Zuma's Woes: 3 Wives, 1 Fiance and an Out-of-Wedlock Child
South African president has plenty of problems politically and personal.
NAIROBI, Kenya Feb. 8, 2010— -- Sex scandals involving powerful men like Tiger Woods and John Edwards have dominated American headlines last few weeks. But halfway around the world in South Africa, President Jacob Zuma is embroiled in his own sex scandal, complete with "baby mama drama."
In Zuma's case, however, the question isn't whether he cheated on his wife -- but his wives.
The president has three first ladies, and soon to be a fourth, but it's not the fact that he's married to several women at once which has outraged the country. It's the revelation that Zuma, 67, has fathered an out of wedlock child.

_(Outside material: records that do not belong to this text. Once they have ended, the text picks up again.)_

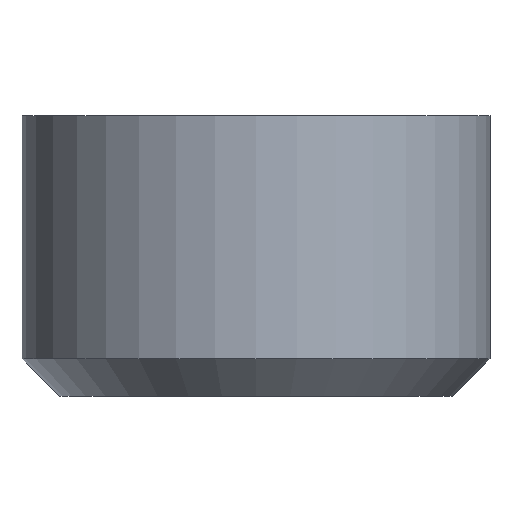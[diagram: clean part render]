
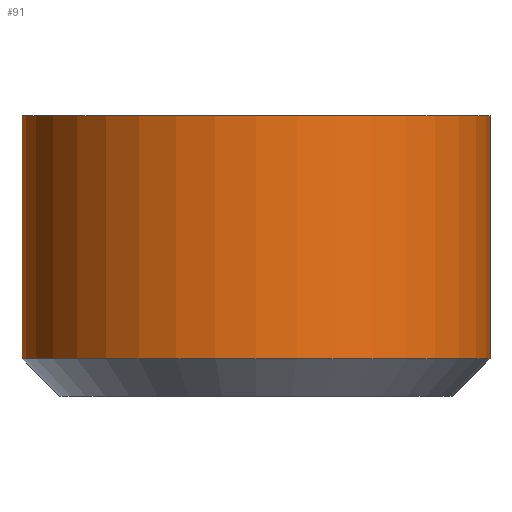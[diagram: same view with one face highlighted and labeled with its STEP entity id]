
A CAD part, front view. The second image highlights one B-rep face of the part: STEP entity #91.
In plain terms, the highlighted cylindrical face has radius 2.5 mm (diameter 5 mm), a full revolution.
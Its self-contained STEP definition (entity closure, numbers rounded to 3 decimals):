
#20=CYLINDRICAL_SURFACE('',#117,2.5);
#25=FACE_OUTER_BOUND('',#32,.T.);
#32=EDGE_LOOP('',(#79,#80,#81,#82));
#38=LINE('',#170,#42);
#42=VECTOR('',#146,2.5);
#46=CIRCLE('',#113,2.5);
#47=CIRCLE('',#115,2.5);
#52=VERTEX_POINT('',#161);
#53=VERTEX_POINT('',#164);
#60=EDGE_CURVE('',#52,#52,#46,.T.);
#61=EDGE_CURVE('',#53,#53,#47,.T.);
#64=EDGE_CURVE('',#52,#53,#38,.T.);
#79=ORIENTED_EDGE('',*,*,#60,.F.);
#80=ORIENTED_EDGE('',*,*,#64,.T.);
#81=ORIENTED_EDGE('',*,*,#61,.F.);
#82=ORIENTED_EDGE('',*,*,#64,.F.);
#91=ADVANCED_FACE('',(#25),#20,.T.);
#113=AXIS2_PLACEMENT_3D('',#162,#135,#136);
#115=AXIS2_PLACEMENT_3D('',#165,#139,#140);
#117=AXIS2_PLACEMENT_3D('',#169,#144,#145);
#135=DIRECTION('center_axis',(0.,0.,1.));
#136=DIRECTION('ref_axis',(1.,0.,0.));
#139=DIRECTION('center_axis',(0.,0.,-1.));
#140=DIRECTION('ref_axis',(1.,0.,0.));
#144=DIRECTION('center_axis',(0.,0.,1.));
#145=DIRECTION('ref_axis',(1.,0.,0.));
#146=DIRECTION('',(0.,0.,-1.));
#161=CARTESIAN_POINT('',(9.,-29.,3.));
#162=CARTESIAN_POINT('Origin',(11.5,-29.,3.));
#164=CARTESIAN_POINT('',(9.,-29.,0.4));
#165=CARTESIAN_POINT('Origin',(11.5,-29.,0.4));
#169=CARTESIAN_POINT('Origin',(11.5,-29.,0.));
#170=CARTESIAN_POINT('',(9.,-29.,0.));

The baby girl, now 4 months old, is Zuma's child with the daughter of a political ally and friend, who is also a power player in the 2010 World Cup preparations. The mother is not one of his wives, or even the woman he is engaged to, and that is what many South Africans find objectionable.
"Polygamy is not uncommon in Africa," Sebastian Spio-Garbrah, an Africa analyst for New York-based policy think tank Eurasia Group, tells ABC News. " But what South Africans seem to be saying is 'we are fine with the fact that he has three wives, we are fine with that. But if he has another child, it's a sign he is unable to control his passions."
What started as attacks by the South African political elite, which has never really accepted Zuma, a man with limited education and a populist swagger, quickly took hold with the masses as well. As criticism grew last week, opposition politicians called for the president to go to "sex rehab," calling him the "gigolo president" among other unflattering characterizations.
South Africa's largest financial daily newspaper, Business Day, questioned whether Zuma was taking his job seriously.
"If the president is unable to respect social boundaries such as those created through marriage, how can he be trusted to respect the boundaries erected in terms of the national constitution's checks and balances?" the paper asked.
When the child was first revealed, the Zuma administration refused to comment, calling the matter a personal issue. By the weekend a public apology was issued.